Schließlich, so erzählt die Legende, verließ er mit 30 Jahren den Palast, seine Familie und das ganze luxuriöse Gepränge, um sich in Abgeschiedenheit und Askese zu sammeln. „Vielleicht ist das ja die Lösung und die Antwort auf die Frage nach einem glücklichen und erfüllten Leben“, dachte er. Siddhartha wanderte durch das Tal des Ganges, fastete und übte sich in strenger Askese. Doch nach einigen Jahren intensiver Enthaltsamkeit und Isolation stellte er fest, dass auch diese Art zu leben nicht das Richtige war. Ein Leben in Abgeschiedenheit und Einsamkeit macht den Menschen ebenso unglücklich. Wir sind soziale Wesen und wollen aktiv am Leben teilhaben, dabei sein und unser Glück mit anderen teilen, sonst ist jede Freude und Anstrengung irgendwie sinnlos. Sind unsere Grundbedürfnisse gedeckt, sehnen wir uns vor allem nach sozialen Beziehungen und gesellschaftlicher Akzeptanz. Wir streben nach Selbstverwirklichung, Liebe und Glück und wollen Leid um jeden Preis vermeiden. Siddhartha Gautama erkannte, dass weder die eine extreme Lebensweise (Luxus und Reichtum) noch die andere (Abgeschiedenheit, Armut und Askese) wirklich Sinn ergibt und nicht zum dauerhaften Glück beiträgt. Deswegen schlug er den Mittleren Weg ein. Aus diesen Überlegungen entsprangen auch die berühmten Vier Edlen Wahrheiten. Die gewonnenen Erkenntnisse über den Weg zu einem wahrhaft glücklichen Leben machten Siddhartha zum Buddha, zum „Erleuchteten“! Endlich hatte er den Weg zum ewigen Glück gefunden. Wie wir wissen, waren Buddhas Erleuchtungsgedanken zu seiner Zeit revolutionär – und sie haben bis heute nichts von ihrer Aktualität eingebüßt.
Erleuchtung to go
Buddha erkannte also, dass wir ständig mit irgendetwas unzufrieden sind. Wir nörgeln herum, und es gibt immer etwas, das uns stört. Es geht bereits im Sandkasten los: Haben wir ein Spielzeug, wollen wir das des anderen Kindes haben. Sind wir Singles, sehnen wir uns nach einem Partner. Leben wir in einer Beziehung, nervt sie uns, haben wir einen Job, meckern wir über den stressigen Arbeitsalltag usw. Oft wissen wir aber gar nicht, was genau es ist, das uns davon abhält, in den Zustand des ewigen Glücks zu gelangen. Entweder sind wir grundlos launisch, fühlen uns schlecht behandelt oder wir sind einfach nur frustriert. Plötzlich und ganz unerwartet überkommt uns dieser pessimistische Gemütszustand. Ständig schwanken wir zwischen Verlangen, Befriedigung, Glücksempfinden und Enttäuschung. Wir suchen nach Lösungen, Wegen, Abwechslung und Zerstreuung. Nichts scheint das gute Gefühl dauerhaft zu binden. Der Glückszustand ist flüchtig, er rinnt uns ständig wie Sand durch die Finger. Das ist eine Tatsache, so Buddha, und somit die erste Erkenntnis (die erste der Vier Edlen Wahrheiten).

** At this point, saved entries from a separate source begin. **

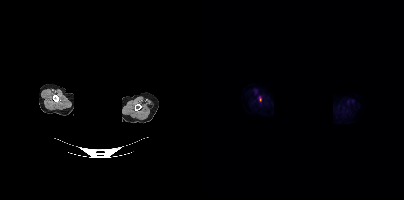
Any black rectangle over the head is a privacy mask, not anatomy. Two-panel axial: CT | PSMA PET, 18F-PSMA tracer. Acquired on Siemens Biograph mCT Flow 20. Slice position z = -208 mm. PET panel 200×200 px (4.1 mm/px). Coordinates are on the 200×200 PET (right) panel. PSMA-avid tumor lesion bounding box (x0,y0,x1,y1): [55,97,57,101].
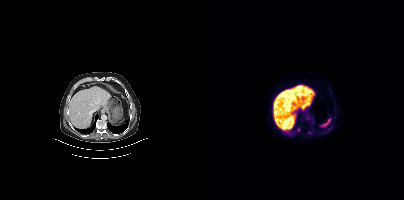
No tumor lesions annotated on this slice.
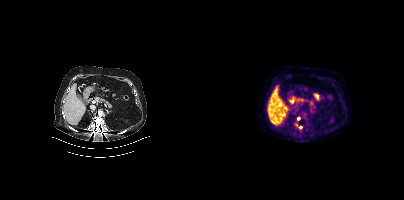
Left: CT. Right: PSMA PET, same axial level, 18F tracer. PET panel 200×200 px (4.1 mm/px). Coordinates are on the 200×200 PET (right) panel. Small PSMA-avid foci (2 to 4 px across) near (center x, center y): (96, 127); (94, 118); (92, 125).
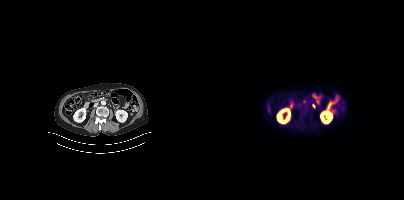
Coordinates are on the 200×200 PET (right) panel. Small PSMA-avid foci (2 to 4 px across) near (center x, center y): (109, 105) | (100, 101).
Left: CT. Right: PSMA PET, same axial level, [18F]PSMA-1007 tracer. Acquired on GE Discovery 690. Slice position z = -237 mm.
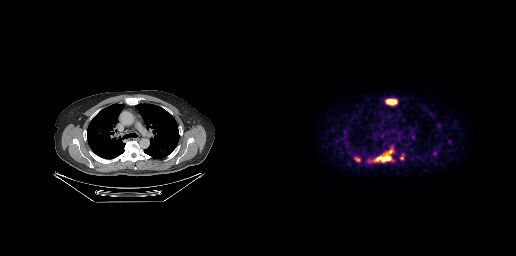
Coordinates are on the 256×256 PET (right) panel. PSMA-avid tumor lesion bounding boxes (x0, y0)-(x1, y1): (114, 148)-(133, 162) / (126, 99)-(137, 105) / (94, 157)-(100, 162). Small PSMA-avid focus (2 to 4 px across) near (center x, center y): (141, 158).
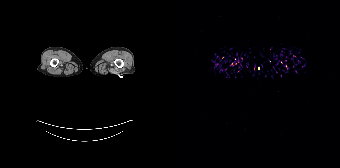
This slice has no annotated PSMA-avid lesion.
modality: PSMA PET/CT | tracer: 68Ga | view: axial
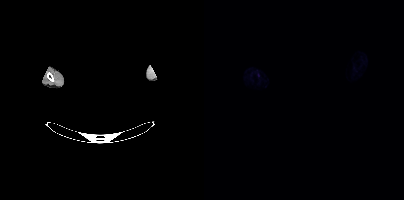
Technique: Paired axial CT (left) and PSMA PET (right), 18F-PSMA tracer. slice position z = 248 mm. PET panel 200×200 px (4.1 mm/px).
Note: Privacy masking over the head, with the pixels inside a rectangle set to black.
Findings: Negative for PSMA-avid disease on this slice.

Unsere Unzufriedenheit hat immer eine Ursache, sagt Buddha. Und diese ist immer dieselbe: Sie entspringt den drei sogenannten Geistesgiften: Gier, Aggression und Unwissen (zweite Edle Wahrheit). Die Tatsache, dass schöne Dinge, tolle Ereignisse, gute Gefühle und positive Emotionen nicht von Dauer (also vergänglich) sind, ruft Leid in uns hervor. Wir haften an ihnen, verspüren Wut und Enttäuschung, wenn wir sie nicht mehr haben. Wir sind enttäuscht, desillusioniert und blind, weil sie uns nicht das geben, wonach wir dauerhaft streben.
Erkennen wir also die Ursachen für unser derzeitiges Leiden, das heißt, können wir die Gifte – etwa Eifersucht, Machtstreben, unsere ständigen Vergleiche mit anderen, Misstrauen oder Zweifel – in unserem Leben lokalisieren, ist es uns möglich, diese loszulassen und dadurch die Unzufriedenheit langfristig zu beenden (dritte Edle Wahrheit). Und wie man das am besten anstellt, zeigt einem der Achtfache Pfad, der zusammengefasst die drei Übungen a) Weisheit, b) richtiges Verhalten und c) konzentrierte Meditation beinhaltet (vierte Edle Wahrheit). Dieser Pfad ist der Weg, der aus der ständigen Unzufriedenheit heraus und damit in die Richtung zum dauerhaften Glück führt.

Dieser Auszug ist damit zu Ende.